Aber doch nicht einen Menschen – das Universum verliert nichts, ein Mann purzelt ja nicht einfach so von diesem Planeten.
Wer oder was spricht in solchen Situationen aber wirklich aus dir?
Es könnte ein Anteil sein, der oft erwähnt dann doch häufig wieder in der Versenkung der Nichtbeachtung verschwindet.

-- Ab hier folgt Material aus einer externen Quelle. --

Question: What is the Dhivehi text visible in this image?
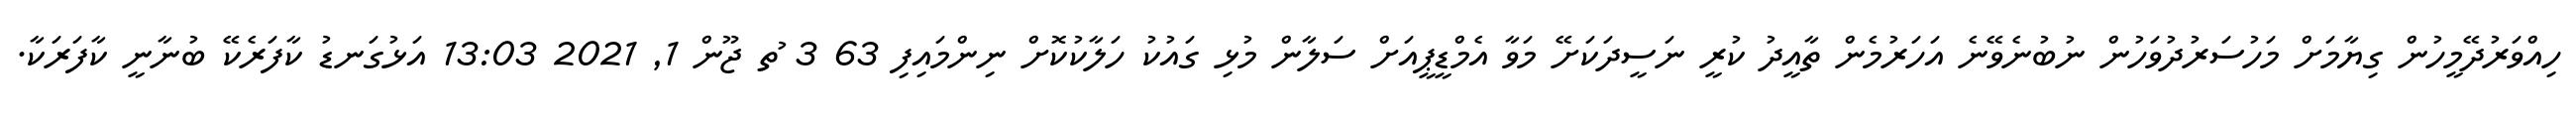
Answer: ހިއްވަރުދޭމީހުން ގިޔާމަށް މަހުސަރުދުވަހުން ނުބުނެވޭނެ އަހަރުމެން ތާއީދު ކުރީ ނަސީދަކަށޭ މަވާ އެމްޑީޕީއަށް ސަލާން މުޅި ގައުކު ހަލާކުކޮށް ނިންމައިފި 63 3 ުތ ޖޫން 1, 2021 13:03 އަޅުގަނޑު ކާފަރެކޭ ބުނާނީ ކާފަރަކާ.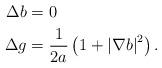
LaTeX: \begin{align*}\Delta b & =0\\\Delta g & =\frac{1}{2a}\left( 1+\left\vert \nabla b\right\vert ^{2}\right).\end{align*}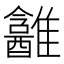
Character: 𱁎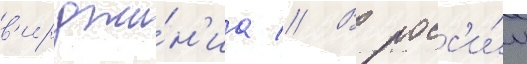
в'ирджи́н'иа // В росс'и́и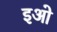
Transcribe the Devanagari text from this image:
इओ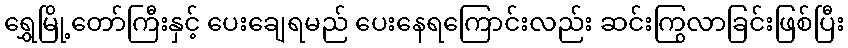
ရွှေမြို့တော်ကြီးနှင့် ပေးချေရမည် ပေးနေရကြောင်းလည်း ဆင်းကြွလာခြင်းဖြစ်ပြီး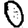
Digit: 0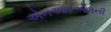
એનઆરએલની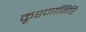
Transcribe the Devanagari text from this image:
कृश्णागिरि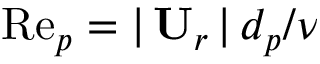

Ein Anteil, der sich nach dir und deiner Aufmerksamkeit sehnt und dir aus der Tiefe deines Unterbewusstseins heraus auffällig oft zuwinkt und auch schonmal richtig ärgerlich oder ohnmächtig wird – und versuchen kann, sich seine Unsicherheiten und Bedürfnisse von außen bestätigen zu lassen. Einer, der Angst hat. Angst davor, wieder verlassen zu werden oder auch (wieder) alleine zu bleiben.
Der Haken daran ist, dass dich richtig ausgeprägte Verlustängste jeder Art auf Dauer abhängig vom Verhalten anderer, vor allem das des auserwählten Lieblingsadam, machen können.
Mein Buchtipp, wenn du dich irgendwo in der obigen Situation wiederfindest:
Das Kind in dir muss Heimat finden – von Stefanie Stahl.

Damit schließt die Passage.